Base de conocimientos de prácticas
Team Charter
Team Charter fija los objetivos, roles, reglas de comunicación y toma de decisiones, para que el equipo pueda verificar los acuerdos comunes en el trabajo diario.
Secciones de la documentación
Qué es
Team Charter es un breve acuerdo de equipo sobre cómo trabajan juntos. En él se fijan los objetivos, roles, canales de comunicación, reglas de decisión, expectativas de calidad y el método para resolver desacuerdos. La práctica ayuda cuando los acuerdos existen solo en conversaciones orales y cada uno los interpreta a su manera.

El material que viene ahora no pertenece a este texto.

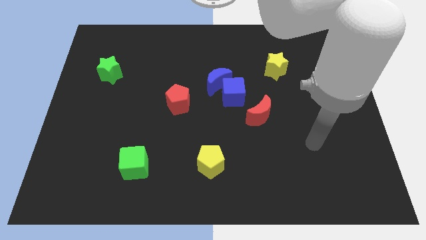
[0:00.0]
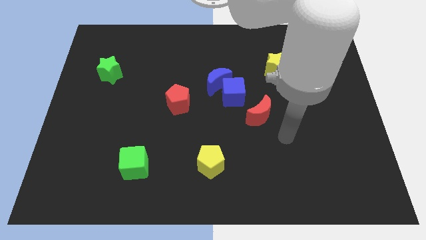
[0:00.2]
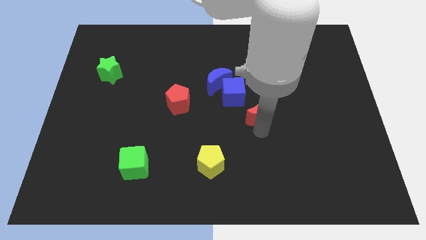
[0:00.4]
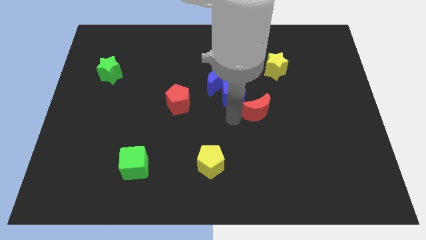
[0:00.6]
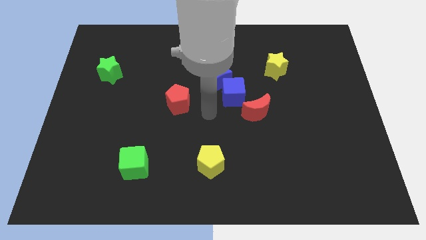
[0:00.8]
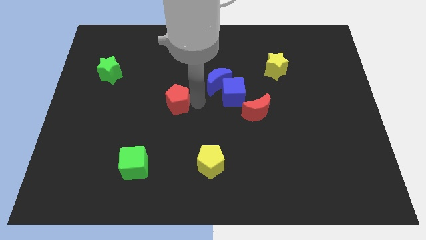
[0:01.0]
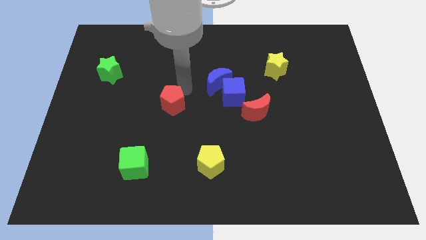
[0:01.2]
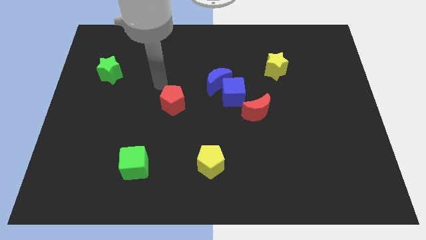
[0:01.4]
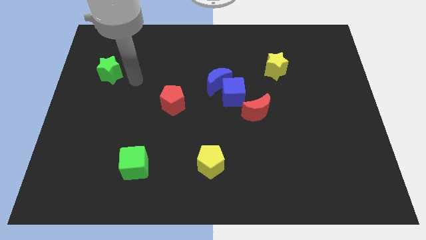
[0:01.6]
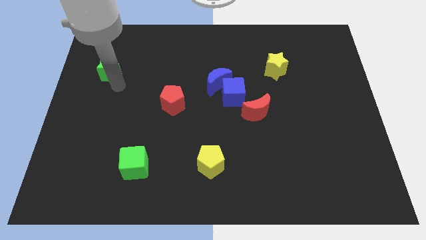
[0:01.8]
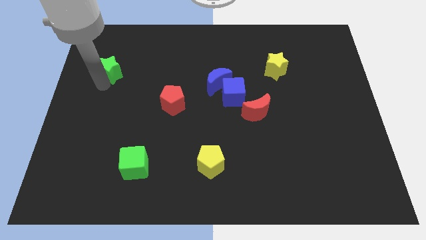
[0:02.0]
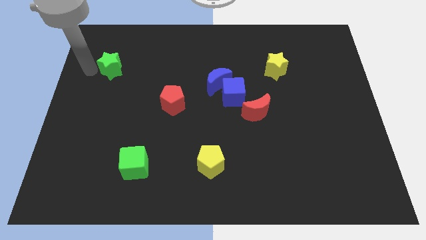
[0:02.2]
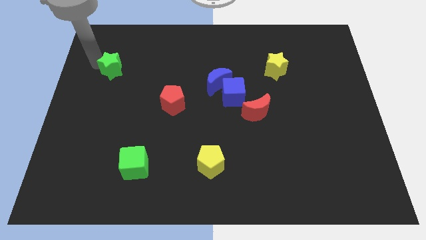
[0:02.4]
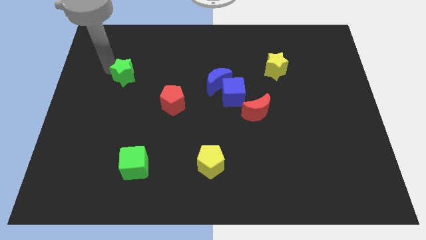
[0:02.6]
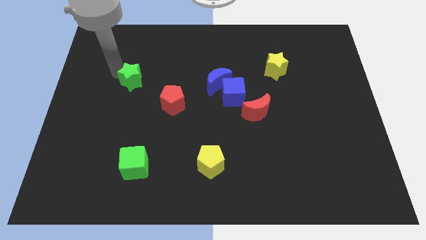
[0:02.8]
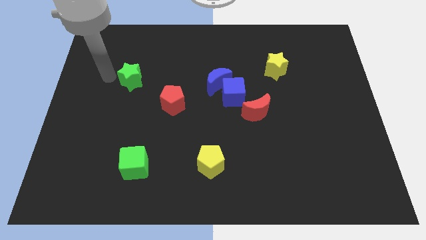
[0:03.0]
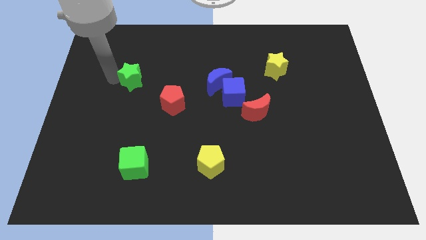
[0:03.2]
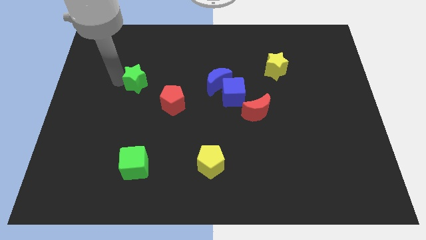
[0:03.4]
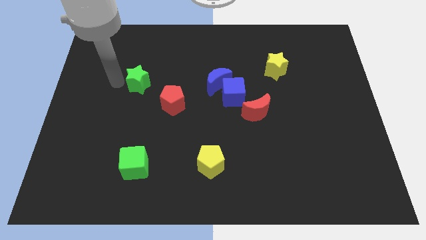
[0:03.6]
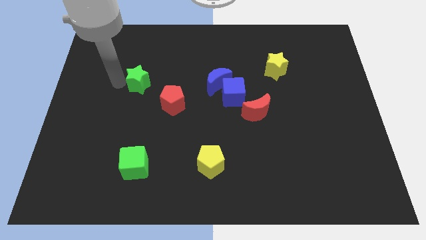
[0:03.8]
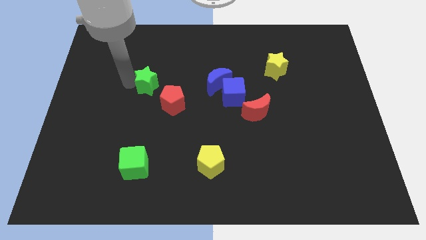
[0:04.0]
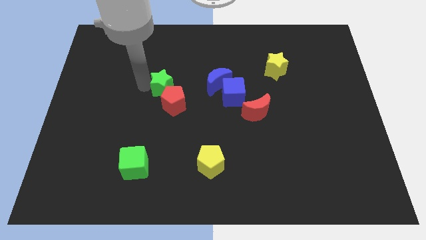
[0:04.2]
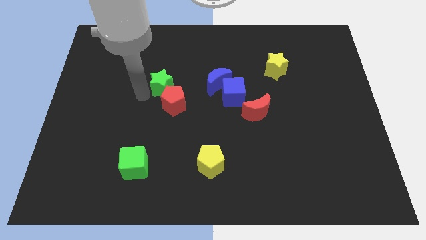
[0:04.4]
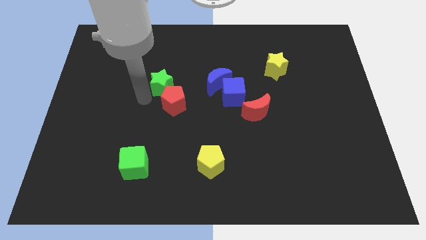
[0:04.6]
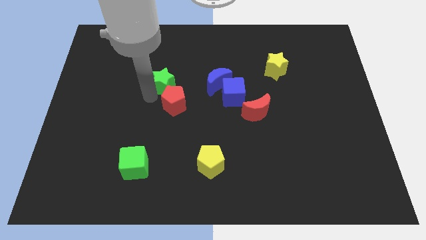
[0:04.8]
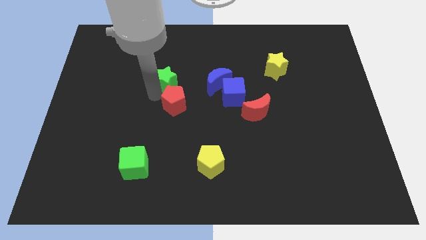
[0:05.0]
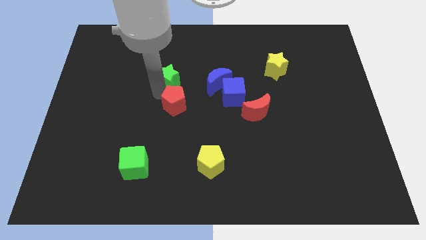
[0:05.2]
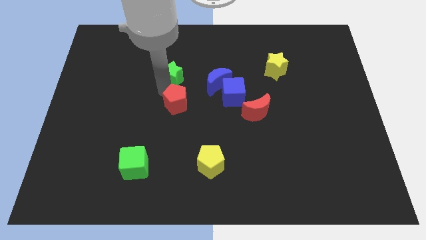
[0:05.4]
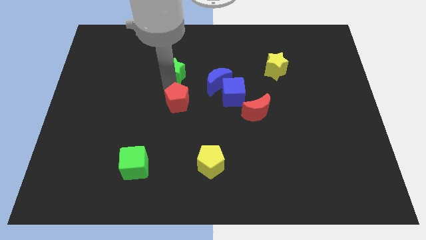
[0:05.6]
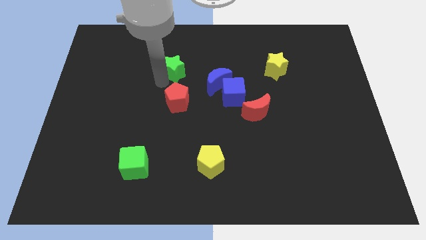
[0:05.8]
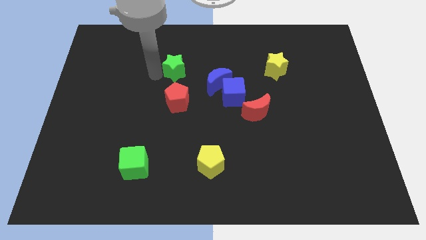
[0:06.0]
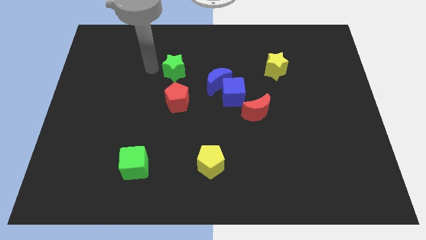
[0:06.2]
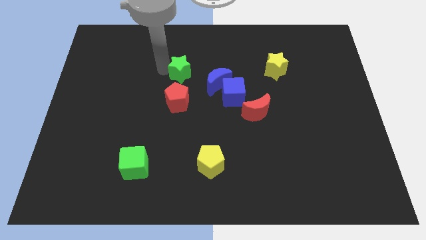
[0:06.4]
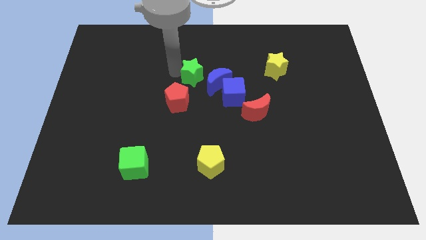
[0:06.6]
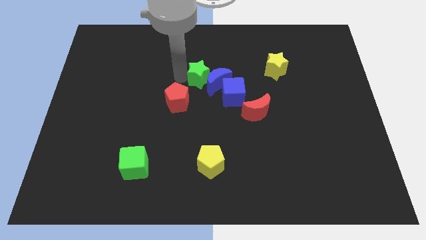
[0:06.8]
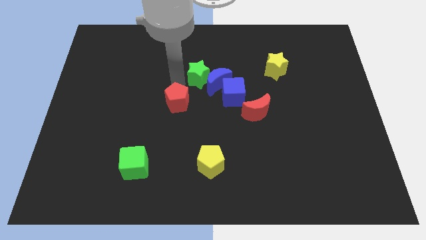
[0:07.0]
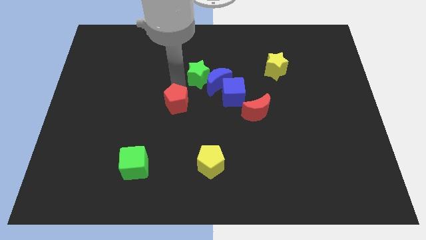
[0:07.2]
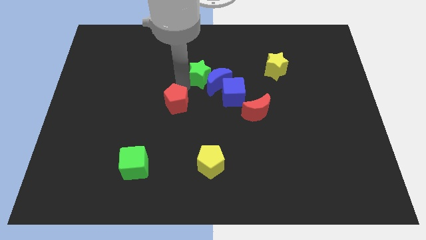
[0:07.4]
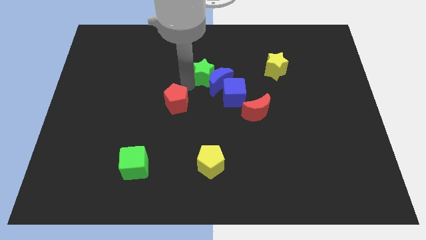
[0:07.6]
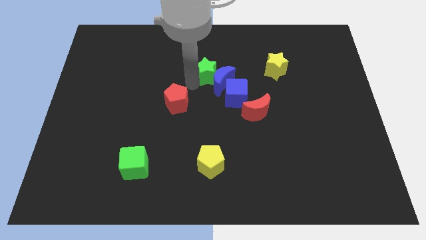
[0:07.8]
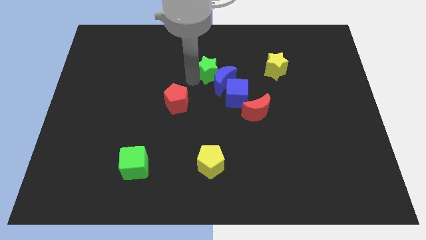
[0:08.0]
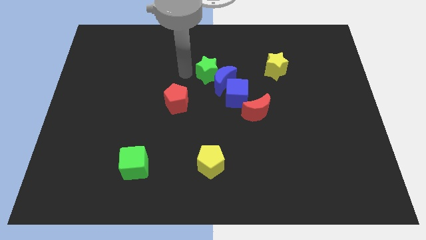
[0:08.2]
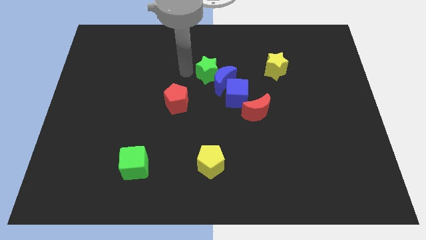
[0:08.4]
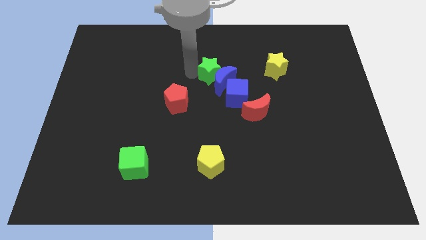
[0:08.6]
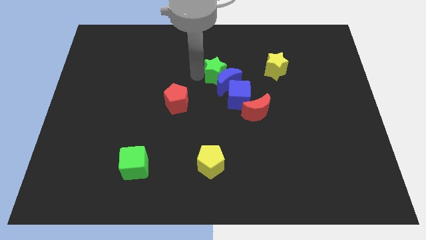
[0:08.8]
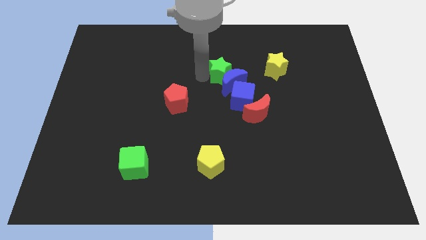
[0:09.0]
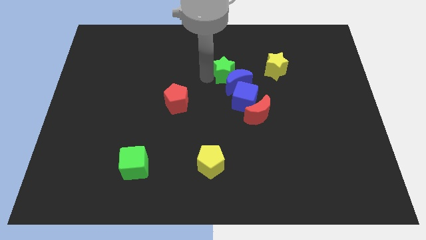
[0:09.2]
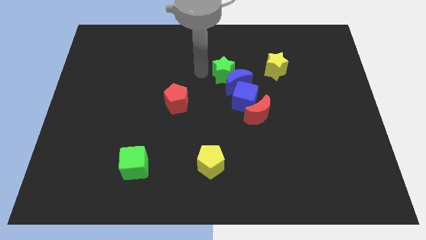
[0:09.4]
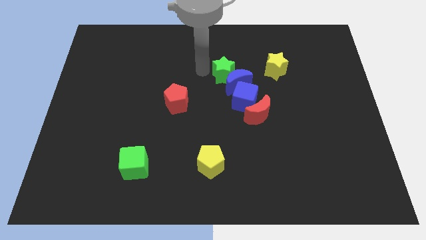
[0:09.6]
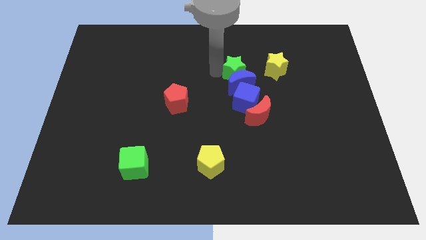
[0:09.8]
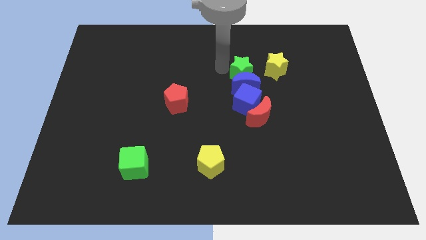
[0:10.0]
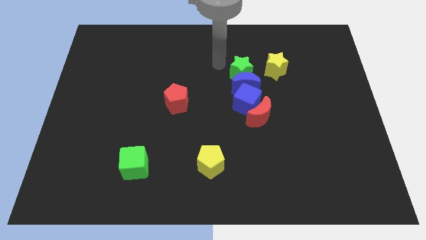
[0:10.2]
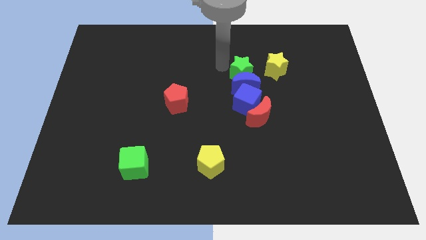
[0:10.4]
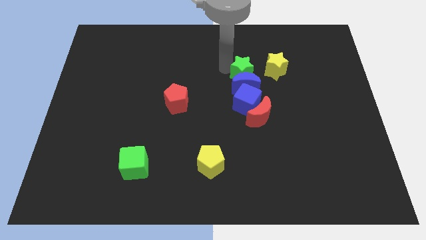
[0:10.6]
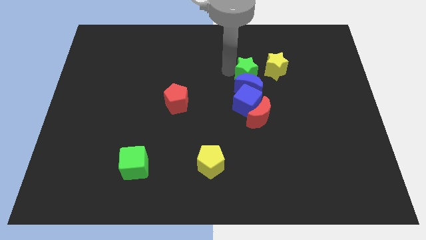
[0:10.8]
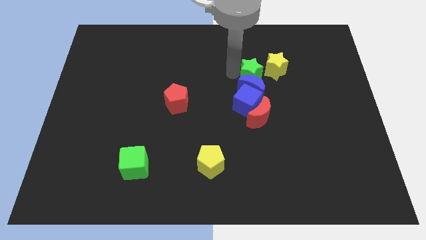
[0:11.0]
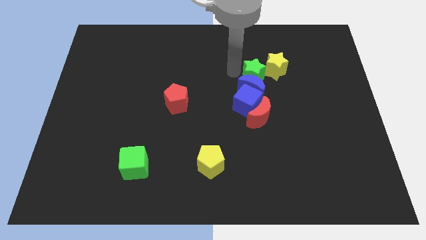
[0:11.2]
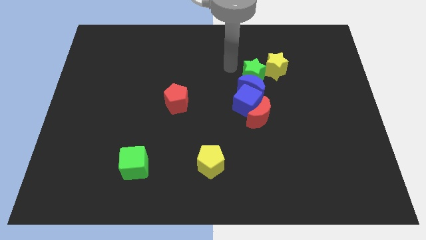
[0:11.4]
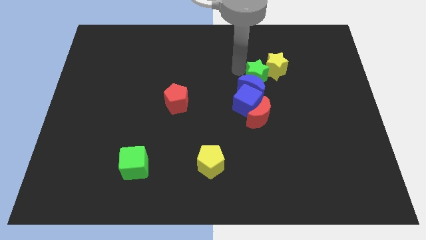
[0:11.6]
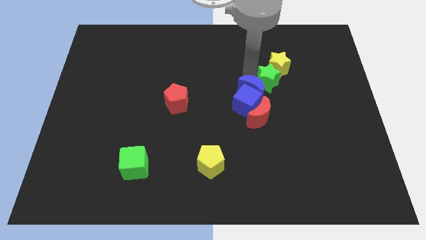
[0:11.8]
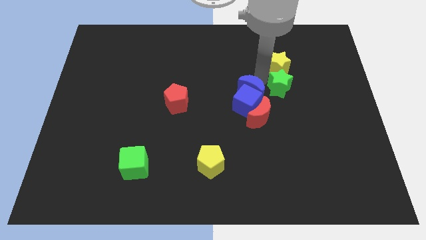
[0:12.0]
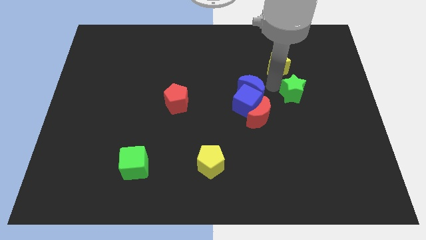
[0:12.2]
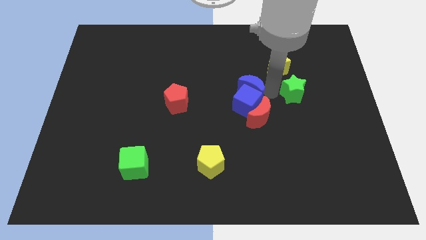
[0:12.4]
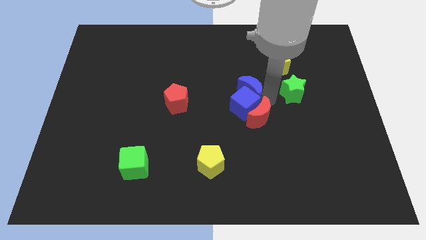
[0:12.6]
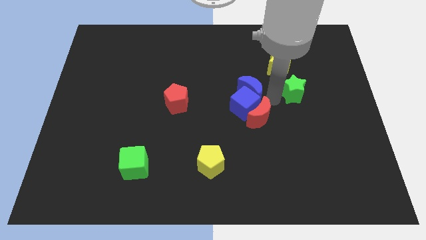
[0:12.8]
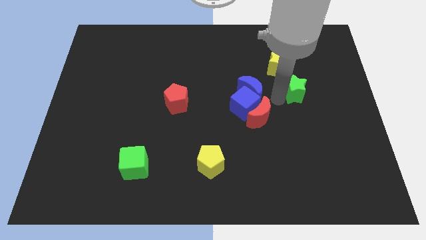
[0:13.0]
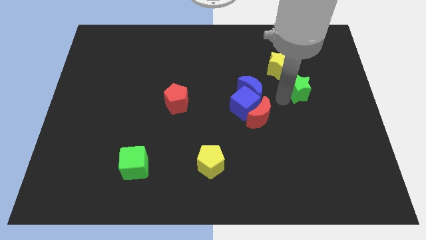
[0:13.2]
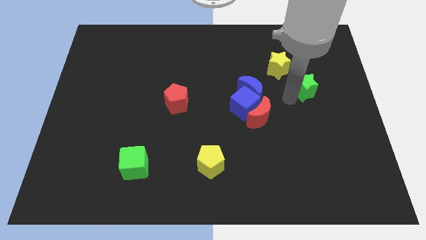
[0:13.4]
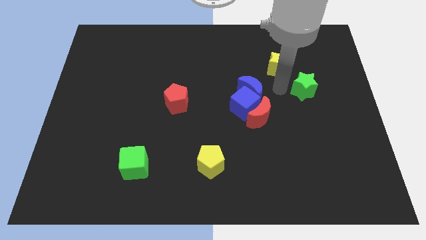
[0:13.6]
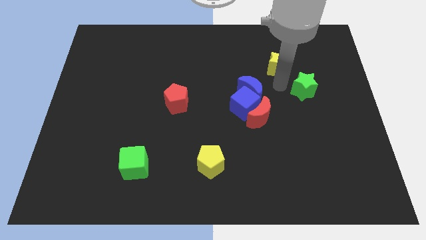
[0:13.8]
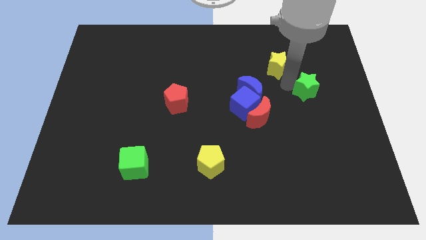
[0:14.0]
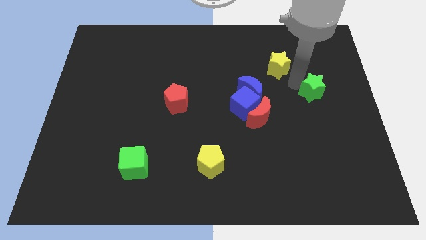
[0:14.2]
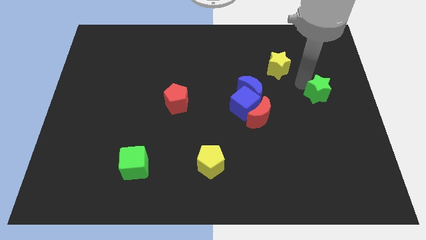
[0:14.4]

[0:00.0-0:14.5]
move the green star to the right side of the board

Es más útil al nivel de un solo equipo, donde los miembros realmente pueden cambiar sus propias reglas de trabajo.
Cuándo ayuda
- Los miembros entienden el objetivo del equipo de manera diferente y discuten sobre prioridades en cada nuevo ciclo de trabajo.
- Las decisiones se pierden en los chats y el equipo vuelve a discutir cuestiones ya acordadas.

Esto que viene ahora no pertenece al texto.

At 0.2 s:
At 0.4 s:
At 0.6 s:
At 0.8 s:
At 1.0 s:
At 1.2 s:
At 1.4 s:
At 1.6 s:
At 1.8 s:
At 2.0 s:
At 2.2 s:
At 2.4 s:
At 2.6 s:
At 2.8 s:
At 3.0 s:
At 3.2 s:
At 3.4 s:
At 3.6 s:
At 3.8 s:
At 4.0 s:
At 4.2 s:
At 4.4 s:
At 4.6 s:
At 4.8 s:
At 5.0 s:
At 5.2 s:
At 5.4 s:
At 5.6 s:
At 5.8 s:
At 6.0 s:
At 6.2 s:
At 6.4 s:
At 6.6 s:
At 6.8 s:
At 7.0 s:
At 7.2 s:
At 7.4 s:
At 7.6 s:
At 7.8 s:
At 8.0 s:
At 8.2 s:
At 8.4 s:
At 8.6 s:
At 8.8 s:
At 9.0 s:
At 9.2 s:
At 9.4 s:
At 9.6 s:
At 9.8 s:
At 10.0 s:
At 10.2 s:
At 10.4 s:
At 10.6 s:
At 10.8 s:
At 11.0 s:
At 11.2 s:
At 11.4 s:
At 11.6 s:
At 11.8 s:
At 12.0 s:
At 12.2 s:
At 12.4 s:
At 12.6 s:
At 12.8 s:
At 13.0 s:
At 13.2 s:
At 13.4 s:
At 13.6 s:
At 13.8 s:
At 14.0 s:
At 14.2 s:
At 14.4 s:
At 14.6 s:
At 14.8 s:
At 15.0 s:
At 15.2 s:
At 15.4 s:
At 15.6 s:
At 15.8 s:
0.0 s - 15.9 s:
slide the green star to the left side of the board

- Los nuevos miembros tardan en descubrir las reglas no escritas: a quién escribir, dónde registrar las tareas y quién toma la decisión final.
- Los conflictos se discuten en privado porque no hay un método acordado para resolver los desacuerdos.
- La calidad del resultado depende de hábitos personales, no de expectativas de equipo claras.
Cómo empezar
- 1 Elige al propietario del documento: normalmente es el responsable del equipo o un facilitador, quien recopilará el borrador y llevará la discusión hasta una decisión.
- 2 Realiza una breve sesión de trabajo y anota el objetivo del equipo, los resultados clave, los roles principales y las zonas de responsabilidad.
- 3 Establece las reglas de comunicación: qué temas van al chat, cuáles a reuniones, dónde se guardan las decisiones y en qué plazos responde el equipo entre sí.
- 4 Describe cómo toma decisiones el equipo y qué hacer si los miembros no están de acuerdo: quién decide, a quién hay que escuchar y dónde se registra el resultado.
- 5 Prueba el documento en la próxima tarea real y elimina los puntos que el equipo no está listo para implementar en la práctica.
Efecto esperado
El equipo obtiene un texto común de acuerdos al que se puede recurrir en caso de disputa, onboarding o cambio de prioridades. Esto reduce las negociaciones repetidas, hace más explícitas las expectativas de roles y calidad, y ayuda al responsable a discutir los problemas a través de las reglas, no mediante reclamos personales.
Errores comunes
- Hacer el documento demasiado largo: los miembros dejan de usarlo si es difícil encontrar rápidamente una regla de trabajo.
- Copiar una plantilla sin discusión: las normas formales no funcionan si el equipo no las ha adoptado como propias.
- No designar a un responsable de la actualización: los acuerdos quedan obsoletos tras cambios en la composición, objetivos o proceso.
- Usar el charter como una forma de castigo, no como un apoyo para una conversación tranquila sobre las reglas de trabajo.
- Establecer reglas ideales que el equipo no puede cumplir bajo la carga de trabajo o las atribuciones actuales.
Lecturas adicionales
- Libro: Patrick Lencioni, The Five Dysfunctions of a Team
- Libro: J. Richard Hackman, Leading Teams
- Investigación: Google re:Work, los cinco factores de eficacia de los equipos
- Libro: Roger Schwarz, The Skilled Facilitator
FAQ
¿Quién debe ser el propietario del Team Charter?
Normalmente empieza el responsable del equipo, pero el documento debe pertenecer a todo el equipo. El propietario se encarga de la actualización, y las reglas las discuten y aprueban los miembros que las van a utilizar.
¿Se puede empezar sin un facilitador externo?
Sí. Basta con reunir al equipo, repasar los objetivos, roles, comunicaciones, decisiones y conflictos, y luego escribir solo las reglas que los miembros estén dispuestos a aplicar de inmediato.
¿Cómo saber si el charter funciona?
El equipo empieza a referirse a él en situaciones laborales reales: al disputar una decisión, al incorporar a un nuevo miembro, al elegir un canal de comunicación o al discutir la calidad del resultado. Si nadie abre el documento, hay que simplificarlo o actualizarlo.
¿Qué hacer si parte del equipo se resiste a fijar reglas?
Empieza por los casos concretos que generan dolor: decisiones perdidas, largas negociaciones, diferentes expectativas de calidad. No discutas una disciplina abstracta, sino qué reglas eliminarán las fricciones recurrentes.